--- START ---
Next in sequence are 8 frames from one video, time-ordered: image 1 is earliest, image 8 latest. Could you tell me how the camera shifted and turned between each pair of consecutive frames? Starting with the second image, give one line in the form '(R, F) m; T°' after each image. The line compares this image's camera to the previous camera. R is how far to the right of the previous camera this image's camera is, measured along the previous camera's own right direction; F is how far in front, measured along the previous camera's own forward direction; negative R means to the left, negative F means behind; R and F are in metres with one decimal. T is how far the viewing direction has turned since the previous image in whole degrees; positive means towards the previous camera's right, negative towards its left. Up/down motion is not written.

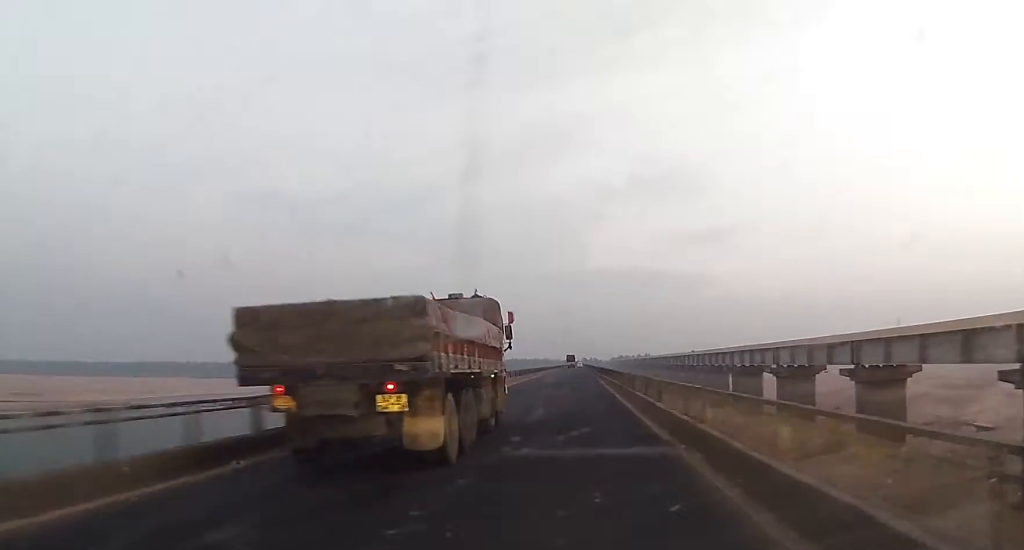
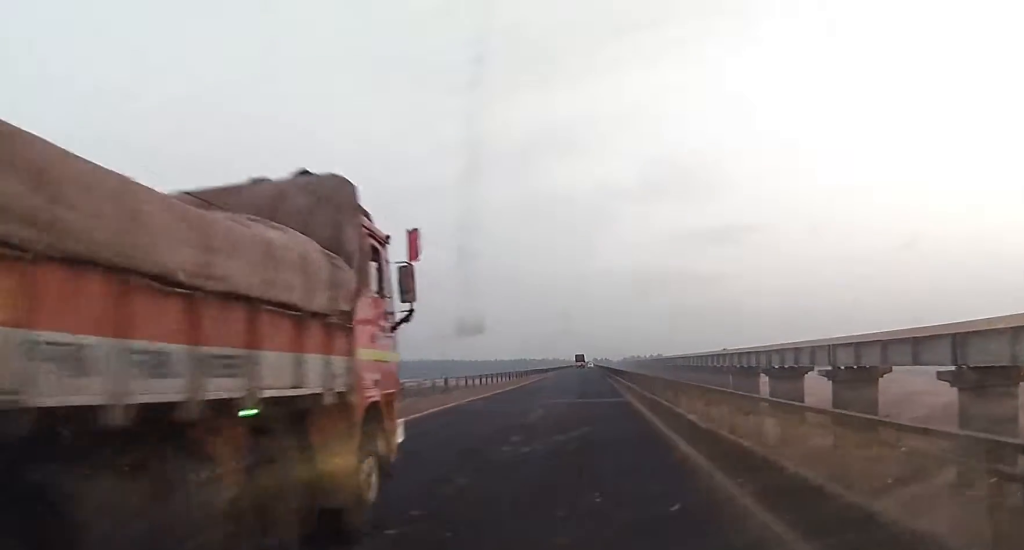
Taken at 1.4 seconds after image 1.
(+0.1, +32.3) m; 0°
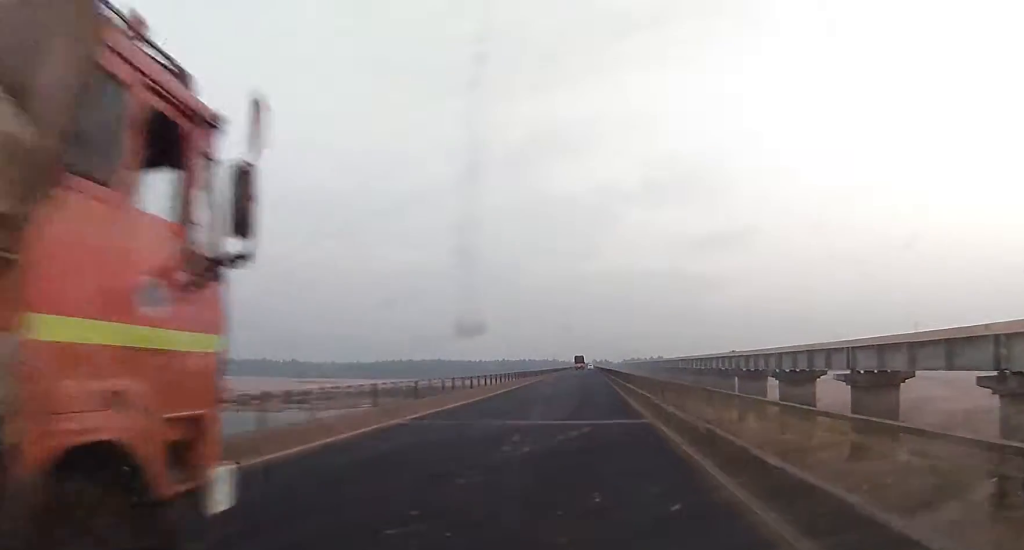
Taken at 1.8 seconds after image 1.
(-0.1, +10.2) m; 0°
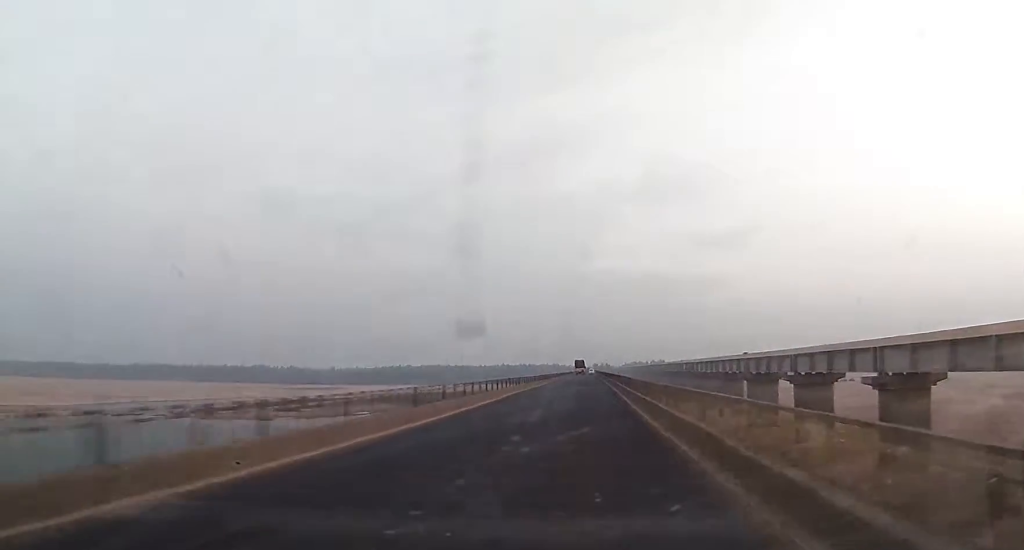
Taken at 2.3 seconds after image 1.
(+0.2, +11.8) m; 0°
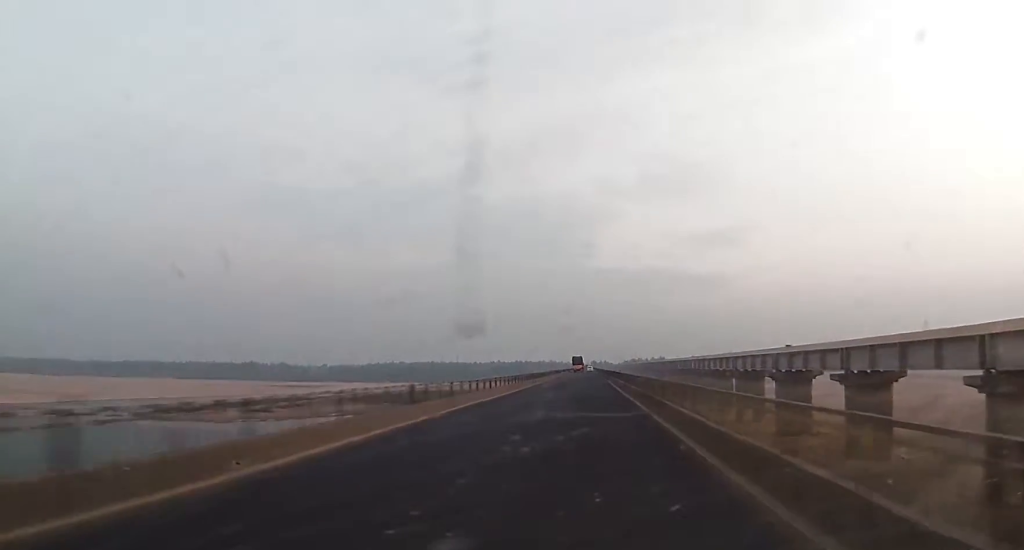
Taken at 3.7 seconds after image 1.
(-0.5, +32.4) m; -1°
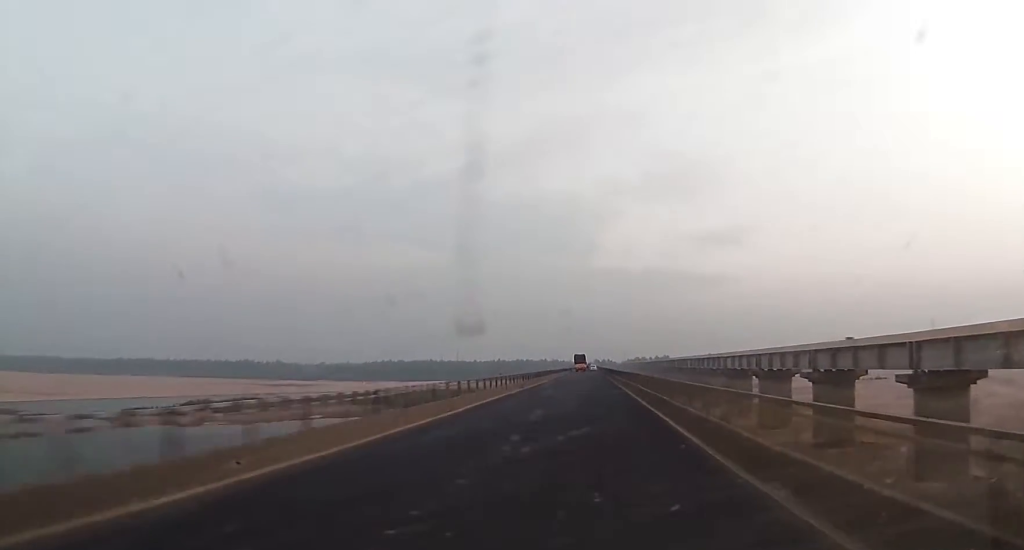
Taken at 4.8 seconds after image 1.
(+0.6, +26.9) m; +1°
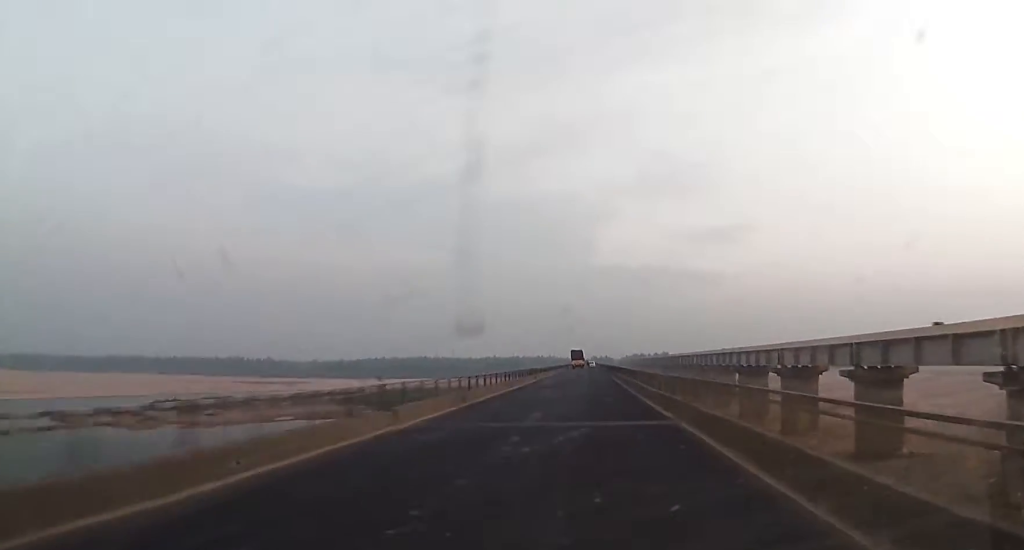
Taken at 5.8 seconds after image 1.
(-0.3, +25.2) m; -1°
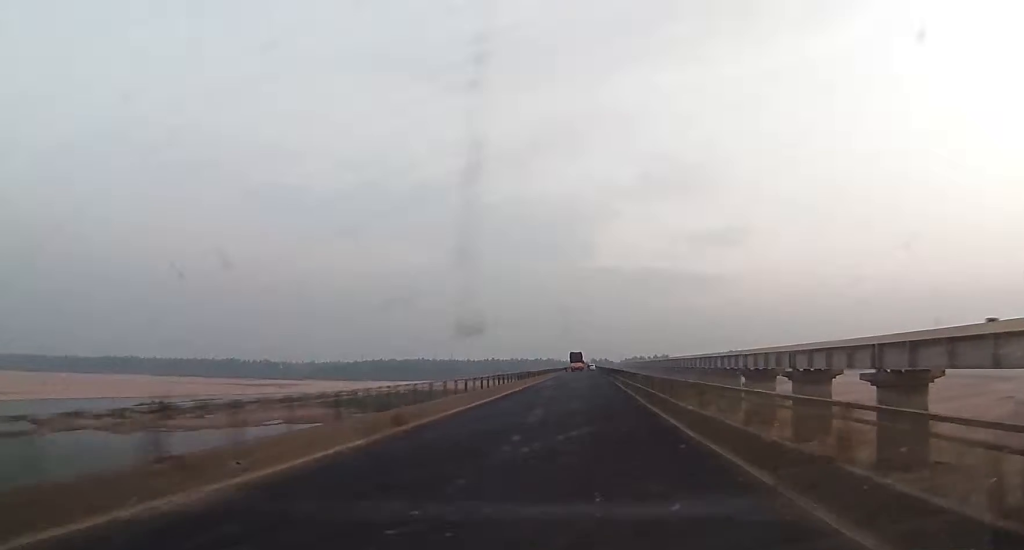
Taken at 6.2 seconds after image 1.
--- END ---
Problem statement: Every line from the one with "Taken at 1.8 seconds after image 1." through the last line of the listing above must be written out exactly, and no picture may appear.

Solution to this task:
Taken at 1.8 seconds after image 1.
(-0.1, +10.2) m; 0°
Taken at 2.3 seconds after image 1.
(+0.2, +11.8) m; 0°
Taken at 3.7 seconds after image 1.
(-0.5, +32.4) m; -1°
Taken at 4.8 seconds after image 1.
(+0.6, +26.9) m; +1°
Taken at 5.8 seconds after image 1.
(-0.3, +25.2) m; -1°
Taken at 6.2 seconds after image 1.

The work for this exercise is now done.